**Provided data**
# # # # #
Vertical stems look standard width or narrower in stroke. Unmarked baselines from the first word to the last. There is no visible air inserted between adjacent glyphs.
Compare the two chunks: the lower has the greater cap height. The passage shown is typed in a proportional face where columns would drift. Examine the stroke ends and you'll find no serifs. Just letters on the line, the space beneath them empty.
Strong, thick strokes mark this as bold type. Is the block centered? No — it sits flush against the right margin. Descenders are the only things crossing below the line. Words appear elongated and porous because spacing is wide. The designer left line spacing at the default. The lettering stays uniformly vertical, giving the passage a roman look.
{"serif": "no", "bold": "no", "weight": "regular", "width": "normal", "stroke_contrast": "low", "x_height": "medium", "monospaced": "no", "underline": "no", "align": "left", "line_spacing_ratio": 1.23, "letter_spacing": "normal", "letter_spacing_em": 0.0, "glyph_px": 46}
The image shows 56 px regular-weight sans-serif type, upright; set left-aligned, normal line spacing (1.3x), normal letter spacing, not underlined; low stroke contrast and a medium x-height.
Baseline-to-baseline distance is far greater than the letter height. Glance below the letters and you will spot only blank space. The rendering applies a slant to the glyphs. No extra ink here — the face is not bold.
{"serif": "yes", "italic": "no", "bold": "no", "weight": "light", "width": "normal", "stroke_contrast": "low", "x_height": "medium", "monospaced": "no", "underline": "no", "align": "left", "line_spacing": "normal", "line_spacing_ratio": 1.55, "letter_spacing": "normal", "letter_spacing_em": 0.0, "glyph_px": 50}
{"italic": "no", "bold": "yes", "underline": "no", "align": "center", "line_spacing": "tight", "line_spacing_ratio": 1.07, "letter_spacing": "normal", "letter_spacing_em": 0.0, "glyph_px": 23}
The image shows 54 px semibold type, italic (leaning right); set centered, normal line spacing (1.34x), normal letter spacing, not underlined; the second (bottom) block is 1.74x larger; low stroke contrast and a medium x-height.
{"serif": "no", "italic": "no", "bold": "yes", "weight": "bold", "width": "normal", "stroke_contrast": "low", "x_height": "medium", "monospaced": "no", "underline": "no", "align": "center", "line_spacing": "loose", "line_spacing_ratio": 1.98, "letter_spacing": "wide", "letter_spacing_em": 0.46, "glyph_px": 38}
# # # # #
**Your instructions**
Your task is to restate, word for word, only those lines above that fall between the line holding "The image shows 56" and the line holding "Baseline-to-baseline distance is", inclusive.

**Completed exercise**
The image shows 56 px regular-weight sans-serif type, upright; set left-aligned, normal line spacing (1.3x), normal letter spacing, not underlined; low stroke contrast and a medium x-height.
Baseline-to-baseline distance is far greater than the letter height. Glance below the letters and you will spot only blank space. The rendering applies a slant to the glyphs. No extra ink here — the face is not bold.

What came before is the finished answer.